Prompts live in a single full/ directory with builtin and MCP variants:

File	Prompts	Format	Use With
`full/prompts.jsonl`	151	Standard	`SEARCH_PROVIDER=builtin`
`full/prompts-you.jsonl`	151	MCP variant	`SEARCH_PROVIDER=you`

Builtin prompts are plain queries. MCP prompts add "Use {server-name} and answer\n" prefix and MCP metadata (mcpServer, expectedTools).

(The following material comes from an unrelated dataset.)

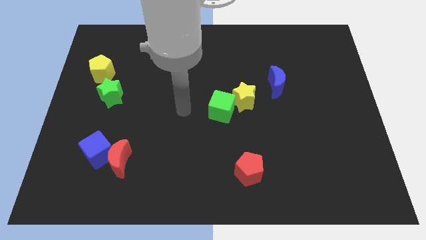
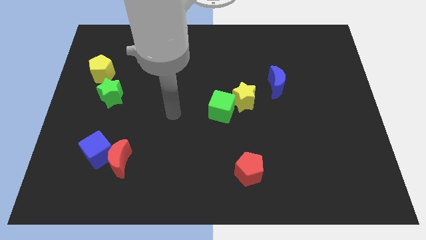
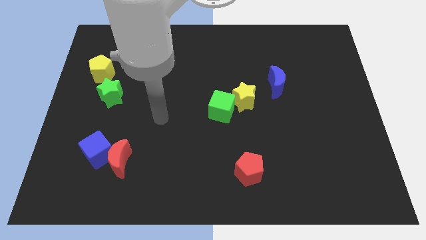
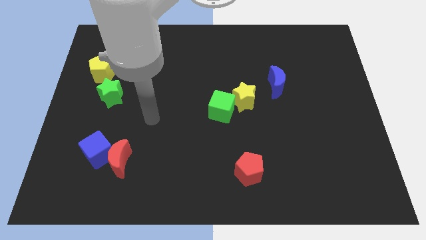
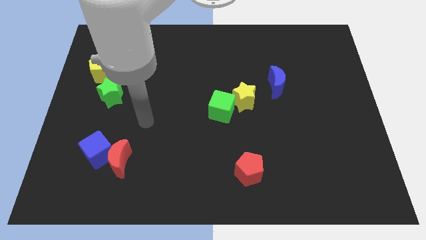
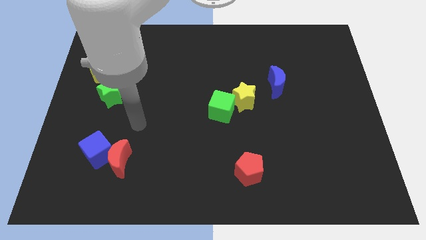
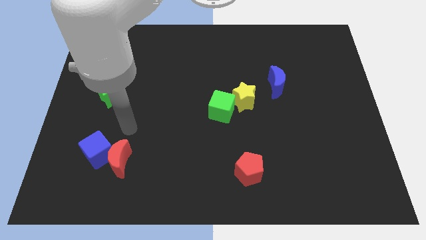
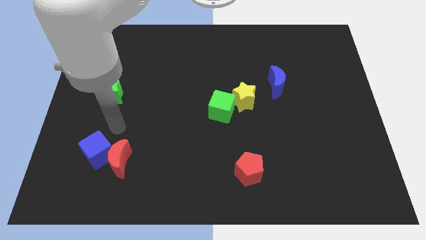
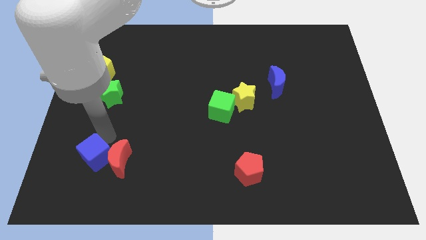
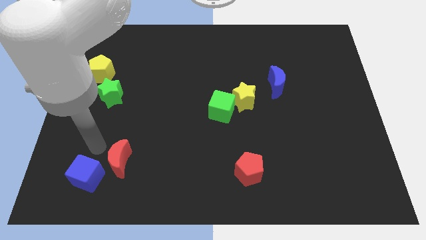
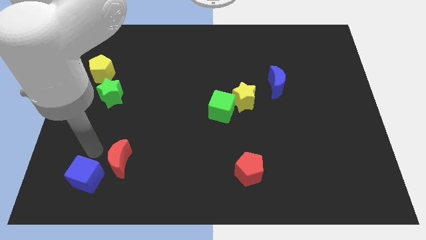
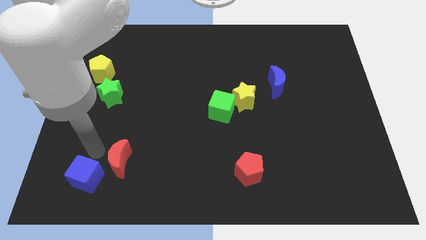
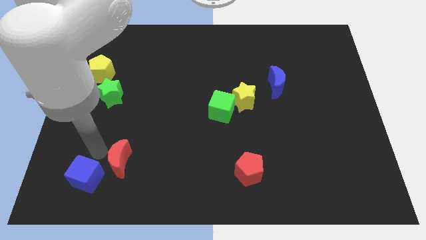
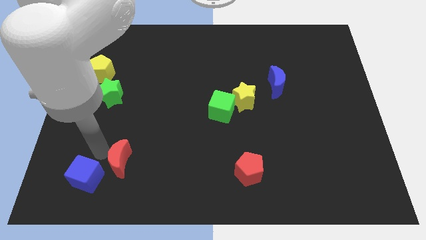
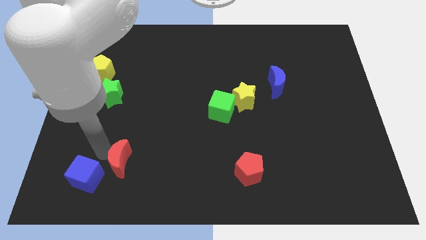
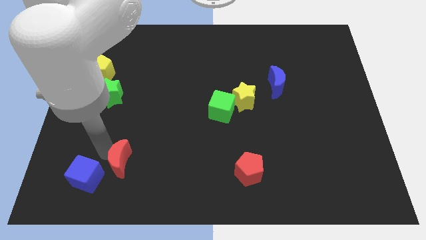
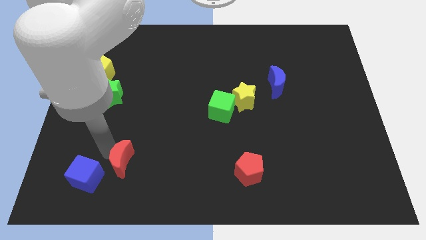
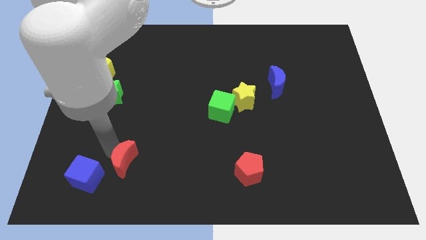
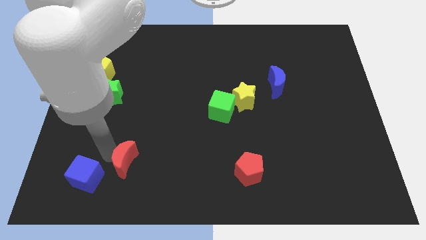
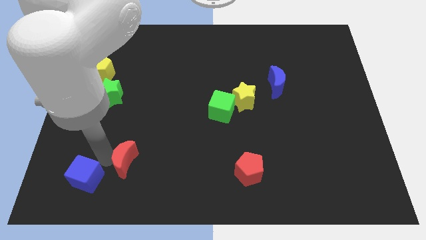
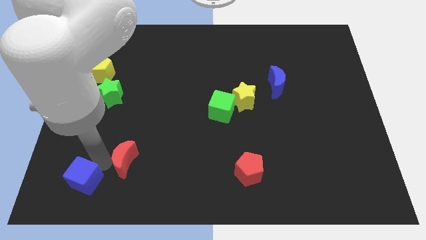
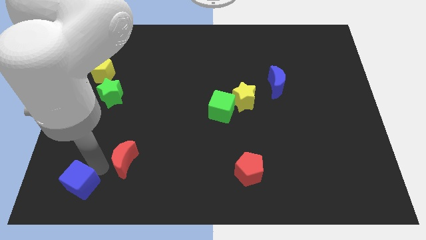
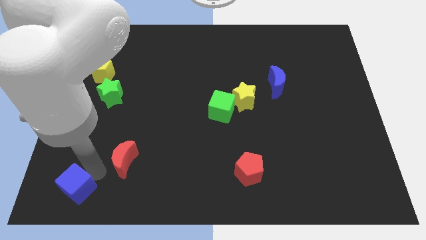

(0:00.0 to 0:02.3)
pull the red moon apart from the blue cube

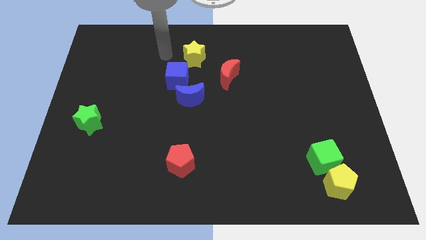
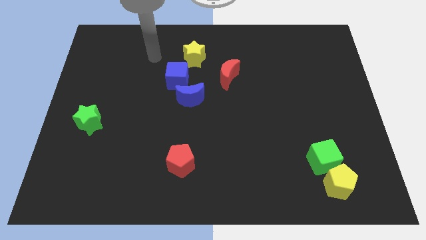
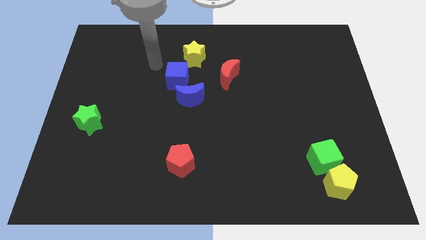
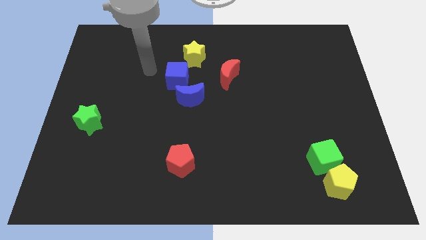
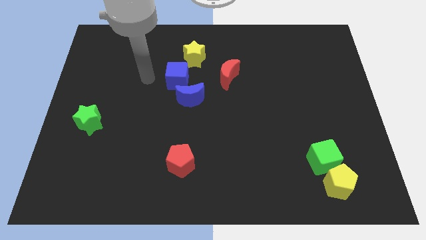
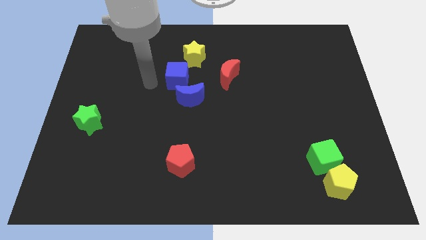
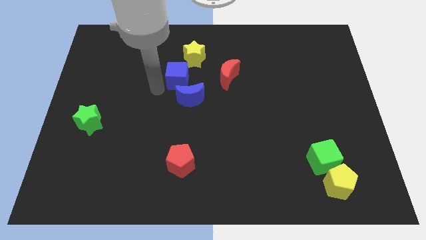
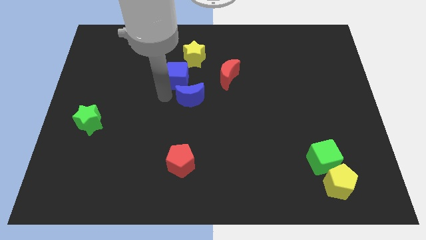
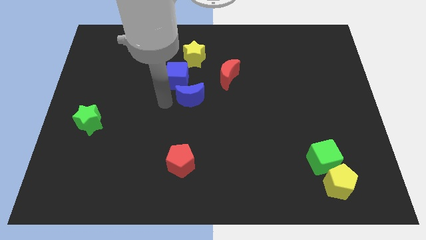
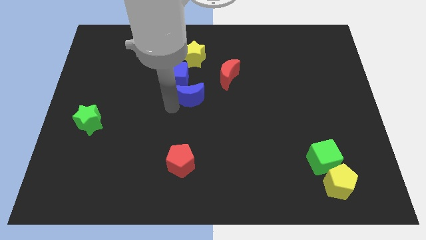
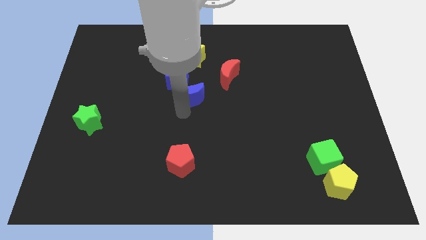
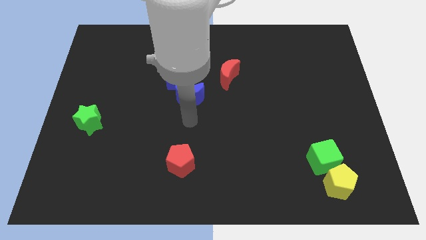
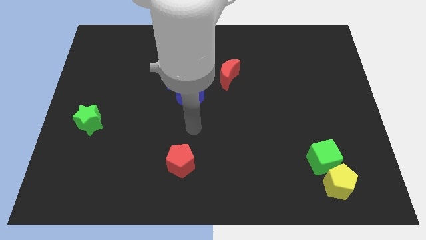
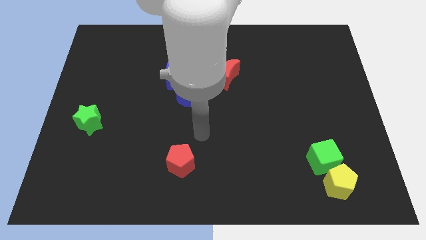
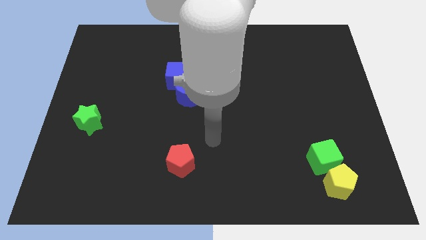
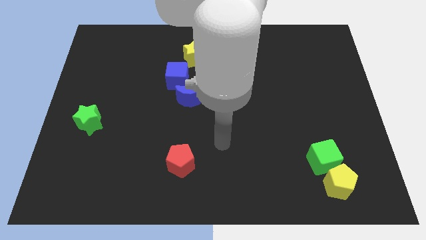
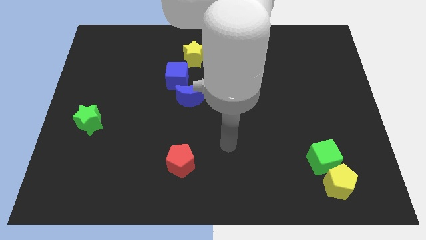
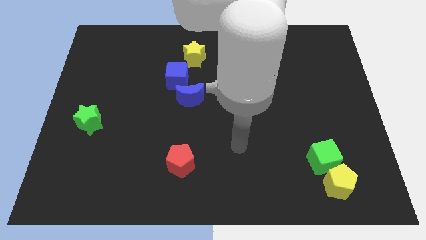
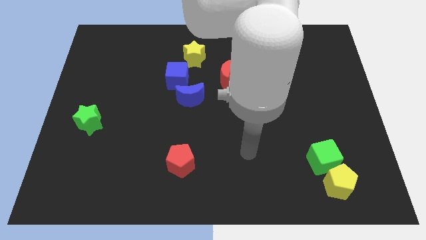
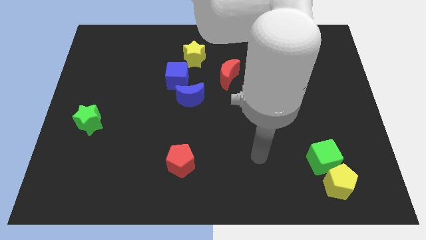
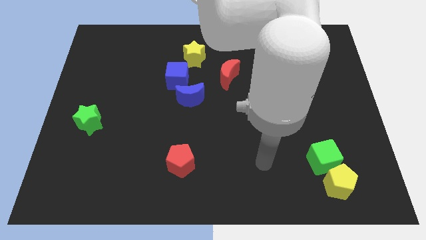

Metadata structure (MCP variants only):

{
  "mcpServer": "ydc-server",
  "expectedTools": ["you-search", "you-express", "you-contents"]
}

To sample a subset at runtime, use --count N (shuffles full dataset, no pre-generation needed):

bun run trials -- --count 5    # 5 random prompts from full dataset

All prompts are designed to trigger web search with time-sensitive queries and recent events.

Results

All trial results are written to dated directories:

data/results/
└── 2026-02-18/
    ├── claude-code/
    │   ├── builtin.jsonl
    │   └── you.jsonl
    ├── gemini/
    ├── droid/
    └── codex/

Versioning: Each run is committed with a dated directory.

Compare runs:

bun run compare                     # Latest date auto-detected
bun run compare -- --run-date 2026-02-18

Each result line is a TrialResult with pass@k metrics and full trajectory per trial.

Comparisons

Comparison analyses are versioned alongside the raw results they evaluate.

Comparison Metrics

Each comparison output includes:

Quality Metrics (per agent+tool pairing):

avgScore - Mean inline grader score (0-1 scale)
passRate - Percentage of prompts that passed (score ≥ 0.7)
passCount / failCount - Number of passing/failing prompts
scoreDistribution - Histogram of scores by quintile

Performance Metrics:

latency.p50/p90/p99 - Response time percentiles (milliseconds)
firstResponse - Time to first output
totalDuration - Total execution time across all prompts

Head-to-Head Analysis:

Pairwise win/loss/tie records
Statistical significance (when using --strategy statistical)

Comparison Strategies

Weighted Strategy (default): Balances multiple dimensions with configurable weights:

COMPARE_QUALITY (default: 0.6) - Inline grader scores
COMPARE_LATENCY (default: 0.3) - Response speed
COMPARE_RELIABILITY (default: 0.1) - Pass rate consistency

Statistical Strategy: Uses bootstrap sampling (1000 iterations by default) to compute:

Confidence intervals for mean scores
Statistical significance testing (p<0.05)
Reduces false conclusions from small sample sizes

Configure via COMPARE_BOOTSTRAP_ITERATIONS environment variable.

Output Structure

data/comparisons/
└── 2026-02-18/
    ├── all-builtin-weighted.json       # Builtin-only comparison
    ├── all-builtin-statistical.json
    ├── all-you-weighted.json           # MCP-only comparison
    ├── builtin-vs-you-weighted.json    # Cross-provider comparison
    ├── builtin-vs-you-statistical.json
    └── REPORT.md                       # Comprehensive analysis report

View Comparison Results

# Capability and reliability rankings
jq '.capability' data/comparisons/2026-02-18/all-builtin-weighted.json
jq '.reliability' data/comparisons/2026-02-18/builtin-vs-you-weighted.json

# Head-to-head win rates
jq '.headToHead.capability' data/comparisons/2026-02-18/all-builtin-statistical.json

# Generate full report
bun run report -- --run-date 2026-02-18

Inline Grader

The project uses a hybrid grading approach in scripts/inline-grader.ts that evaluates agent responses on a 100-point scale.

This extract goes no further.